Hold on. We have that wrong. It turns out that Washington Mutual, which is the one of the only two issuers of covered bonds in the United States, didn't get its place in the spotlight today. Instead, Paulson was surrounded by Bank of America (the other issue of covered bonds), JP Morgan Chase, Citigroup and Wells Fargo. Did someone just forget to invite Washington Mutual to the party? Or does the impending doom of Washington Mutual make them an awkward guest at the party?

Whatever the rationale behind the guest list, the theme of the party was that covered bonds would relieve stress on the credit markets in general and the mortgage markets in particular. "Stress on the credit markets" is, of course, a polite way of saying that nobody trusts anybody else enough to lend to them, except perhaps under the most stringent terms and inconvenient pricing.
A covered bond, the Treasury department tells us, is a fashionable instrument in Europe. It allows a bank to issue debt secured by assets--say mortgages--that remain on its balance sheet. It is an alternative to the preferred method in the US, where banks have tended to bundle mortgages in so-called securitization vehicles and raise money by selling those products.
The difference between a mortgage backed security and a covered bond is that the sale of mortgage backed securities was final--the banks had no ongoing obligation and little near-term incentive to control the quality of the products. (The long term incentive for ensuring credit quality is now obvious to Lehman Brothers and the late Bear Stearns.) A bank issuing a covered bond, on the other hand, remains "on the hook" for the loans, and gets to keep the assets so long as the bond continues to perform. With the securitization market frozen up--mainly because investors no longer trust issuing banks and ratings agencies to properly assess the risk--the hope is that investors will be ready to hand over much needed capital to banks under the new instruments.
For investors, the main attraction of covered bonds seems to be an implicit promise by regulators that they will permit the bonds to continue to perform even if the bank issuing the bond fails. You'd think we've had enough of implicit promises from the government about our mortgage markets. But that seems to be what the government is relying on to get investors back in the habit of lending money to banks. Sure there is lots of jaw-jaw about the quality of the mortgages underlying the covered bonds--the best practices describe measures meant to ensure that these aren't loaded up with underperforming subprime junk--but the real action is in the promise that you'll get paid even if the bank fails
That should sound familiar to anyone paying attention to Fannie Mae and Freddie Mac, and for good reason. If the government made good on this promise, it would mean that a failed bank's assets would be funneled into the bond holders pockets while the taxpayers, through various federal agencies ensuring deposits, would be on the hook for its liabilities. In the past, many of those assets may have gone to reduce the burden of paying back depositors, which would decrease the cost to taxpayers of a bank failure.
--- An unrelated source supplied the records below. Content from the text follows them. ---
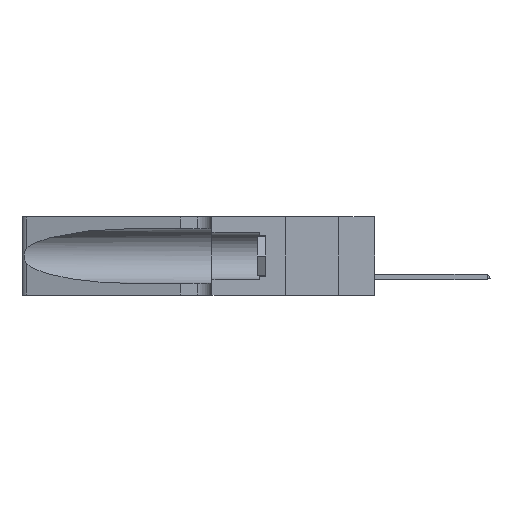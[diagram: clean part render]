
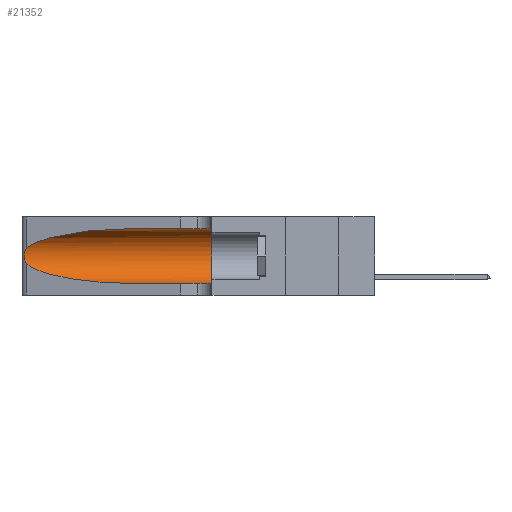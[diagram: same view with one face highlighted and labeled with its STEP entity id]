
A CAD part, left-side view. The second image highlights one B-rep face of the part: STEP entity #21352.
In plain terms, the highlighted cylindrical face has radius 3.308 mm (diameter 6.617 mm), a partial arc.
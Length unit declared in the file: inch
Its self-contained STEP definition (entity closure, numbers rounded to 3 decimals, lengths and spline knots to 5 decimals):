
#353 = VERTEX_POINT ( 'NONE', #17965 ) ;
#2124 =( BOUNDED_CURVE ( )  B_SPLINE_CURVE ( 3, ( #32715, #14985, #9823, #25092 ),
 .UNSPECIFIED., .F., .F. ) 
 B_SPLINE_CURVE_WITH_KNOTS ( ( 4, 4 ),
 ( 1.5708, 2.84003 ),
 .UNSPECIFIED. ) 
 CURVE ( )  GEOMETRIC_REPRESENTATION_ITEM ( )  RATIONAL_B_SPLINE_CURVE ( ( 1., 0.87, 0.87, 1. ) ) 
 REPRESENTATION_ITEM ( '' )  );
#2670 = CARTESIAN_POINT ( 'NONE',  ( 0.25487, 1.22718, 0.14631 ) ) ;
#2908 = B_SPLINE_CURVE_WITH_KNOTS ( 'NONE', 3,
 ( #29613, #16956, #12071, #22295, #17073, #19628, #9139, #4180, #24673, #27471, #9263, #32161, #14447, #27228 ),
 .UNSPECIFIED., .F., .F.,
 ( 4, 2, 2, 2, 2, 2, 4 ),
 ( 0., 0.00027, 0.00053, 0.00107, 0.0016, 0.00187, 0.00214 ),
 .UNSPECIFIED. ) ;
#3100 = EDGE_CURVE ( 'NONE', #353, #26759, #15435, .T. ) ;
#4180 = CARTESIAN_POINT ( 'NONE',  ( 0.26075, 1.23896, 0.178 ) ) ;
#4225 = CARTESIAN_POINT ( 'NONE',  ( 0.1305, 1.61858, 0.05475 ) ) ;
#4318 = DIRECTION ( 'NONE',  ( 0., 1., 0. ) ) ;
#4431 = VECTOR ( 'NONE', #27155, 39.37008 ) ;
#4435 = CARTESIAN_POINT ( 'NONE',  ( 0.1305, 0.35, 0.05475 ) ) ;
#4548 = DIRECTION ( 'NONE',  ( 0., 0., 1. ) ) ;
#5774 = CARTESIAN_POINT ( 'NONE',  ( 0.1305, 0.35, 0.31525 ) ) ;
#5859 = CARTESIAN_POINT ( 'NONE',  ( 0.18966, 0.96281, 0.05475 ) ) ;
#5948 = CARTESIAN_POINT ( 'NONE',  ( 0.25487, 1.22718, 0.22369 ) ) ;
#6101 = CARTESIAN_POINT ( 'NONE',  ( 0.1305, 1.61858, 0.31525 ) ) ;
#6813 = ORIENTED_EDGE ( 'NONE', *, *, #27766, .F. ) ;
#7174 = ORIENTED_EDGE ( 'NONE', *, *, #17238, .T. ) ;
#7247 = DIRECTION ( 'NONE',  ( 0., -1., 0. ) ) ;
#8951 =( BOUNDED_CURVE ( )  B_SPLINE_CURVE ( 3, ( #23664, #21326, #5859, #23908 ),
 .UNSPECIFIED., .F., .F. ) 
 B_SPLINE_CURVE_WITH_KNOTS ( ( 4, 4 ),
 ( 3.44316, 4.71239 ),
 .UNSPECIFIED. ) 
 CURVE ( )  GEOMETRIC_REPRESENTATION_ITEM ( )  RATIONAL_B_SPLINE_CURVE ( ( 1., 0.87, 0.87, 1. ) ) 
 REPRESENTATION_ITEM ( '' )  );
#9139 = CARTESIAN_POINT ( 'NONE',  ( 0.26075, 1.23896, 0.19203 ) ) ;
#9263 = CARTESIAN_POINT ( 'NONE',  ( 0.25789, 1.23486, 0.15765 ) ) ;
#9823 = CARTESIAN_POINT ( 'NONE',  ( 0.2373, 1.15595, 0.28018 ) ) ;
#11763 = CARTESIAN_POINT ( 'NONE',  ( 0.1305, 0.35, 0.185 ) ) ;
#12071 = CARTESIAN_POINT ( 'NONE',  ( 0.25639, 1.23184, 0.21858 ) ) ;
#12338 = CYLINDRICAL_SURFACE ( 'NONE', #33154, 0.13025 ) ;
#13514 = FACE_OUTER_BOUND ( 'NONE', #20016, .T. ) ;
#13999 = ORIENTED_EDGE ( 'NONE', *, *, #20418, .F. ) ;
#14447 = CARTESIAN_POINT ( 'NONE',  ( 0.25555, 1.22993, 0.14849 ) ) ;
#14985 = CARTESIAN_POINT ( 'NONE',  ( 0.18966, 0.96281, 0.31525 ) ) ;
#15435 = LINE ( 'NONE', #4225, #25071 ) ;
#16274 = DIRECTION ( 'NONE',  ( 0., -1., 0. ) ) ;
#16956 = CARTESIAN_POINT ( 'NONE',  ( 0.25555, 1.22994, 0.2215 ) ) ;
#17073 = CARTESIAN_POINT ( 'NONE',  ( 0.25854, 1.2359, 0.20912 ) ) ;
#17238 = EDGE_CURVE ( 'NONE', #31298, #353, #8951, .T. ) ;
#17965 = CARTESIAN_POINT ( 'NONE',  ( 0.1305, 0.72297, 0.05475 ) ) ;
#18118 = VERTEX_POINT ( 'NONE', #5948 ) ;
#18497 = AXIS2_PLACEMENT_3D ( 'NONE', #11763, #4318, #4548 ) ;
#19628 = CARTESIAN_POINT ( 'NONE',  ( 0.26018, 1.23835, 0.19895 ) ) ;
#20016 = EDGE_LOOP ( 'NONE', ( #27057, #21377, #7174, #33118, #13999, #6813 ) ) ;
#20153 = LINE ( 'NONE', #6101, #4431 ) ;
#20418 = EDGE_CURVE ( 'NONE', #22537, #26759, #31180, .T. ) ;
#20627 = CARTESIAN_POINT ( 'NONE',  ( 0.1305, 0.72297, 0.31525 ) ) ;
#20896 = EDGE_CURVE ( 'NONE', #31409, #18118, #2124, .T. ) ;
#21326 = CARTESIAN_POINT ( 'NONE',  ( 0.2373, 1.15595, 0.08982 ) ) ;
#21352 = ADVANCED_FACE ( 'NONE', ( #13514 ), #12338, .F. ) ;
#21377 = ORIENTED_EDGE ( 'NONE', *, *, #27330, .T. ) ;
#22295 = CARTESIAN_POINT ( 'NONE',  ( 0.25787, 1.23484, 0.2124 ) ) ;
#22537 = VERTEX_POINT ( 'NONE', #5774 ) ;
#23664 = CARTESIAN_POINT ( 'NONE',  ( 0.25487, 1.22718, 0.14631 ) ) ;
#23908 = CARTESIAN_POINT ( 'NONE',  ( 0.1305, 0.72297, 0.05475 ) ) ;
#24673 = CARTESIAN_POINT ( 'NONE',  ( 0.26017, 1.23833, 0.17102 ) ) ;
#25071 = VECTOR ( 'NONE', #7247, 39.37008 ) ;
#25092 = CARTESIAN_POINT ( 'NONE',  ( 0.25487, 1.22718, 0.22369 ) ) ;
#26340 = CARTESIAN_POINT ( 'NONE',  ( 0.1305, 1.61858, 0.185 ) ) ;
#26759 = VERTEX_POINT ( 'NONE', #4435 ) ;
#27057 = ORIENTED_EDGE ( 'NONE', *, *, #20896, .T. ) ;
#27155 = DIRECTION ( 'NONE',  ( 0., -1., 0. ) ) ;
#27228 = CARTESIAN_POINT ( 'NONE',  ( 0.25487, 1.22718, 0.14631 ) ) ;
#27330 = EDGE_CURVE ( 'NONE', #18118, #31298, #2908, .T. ) ;
#27471 = CARTESIAN_POINT ( 'NONE',  ( 0.25856, 1.23593, 0.16098 ) ) ;
#27766 = EDGE_CURVE ( 'NONE', #31409, #22537, #20153, .T. ) ;
#29613 = CARTESIAN_POINT ( 'NONE',  ( 0.25487, 1.22718, 0.22369 ) ) ;
#31180 = CIRCLE ( 'NONE', #18497, 0.13025 ) ;
#31298 = VERTEX_POINT ( 'NONE', #2670 ) ;
#31409 = VERTEX_POINT ( 'NONE', #20627 ) ;
#32161 = CARTESIAN_POINT ( 'NONE',  ( 0.25639, 1.23186, 0.15144 ) ) ;
#32310 = DIRECTION ( 'NONE',  ( 0., 0., -1. ) ) ;
#32715 = CARTESIAN_POINT ( 'NONE',  ( 0.1305, 0.72297, 0.31525 ) ) ;
#33118 = ORIENTED_EDGE ( 'NONE', *, *, #3100, .T. ) ;
#33154 = AXIS2_PLACEMENT_3D ( 'NONE', #26340, #16274, #32310 ) ;

In other words, we're introducing moral hazard back into the market. Buyers of unsecured bank credit want to know about the quality of a bank's balance sheet, knowing they could be wiped out if the FDIC is forced to take over a bank. Buyers of covered bonds will be confident that their bonds are safe even if the bank fails. Sounds like just what we'd expect from the people who brought us the mortgage bailout bill and the broker-dealer discount window.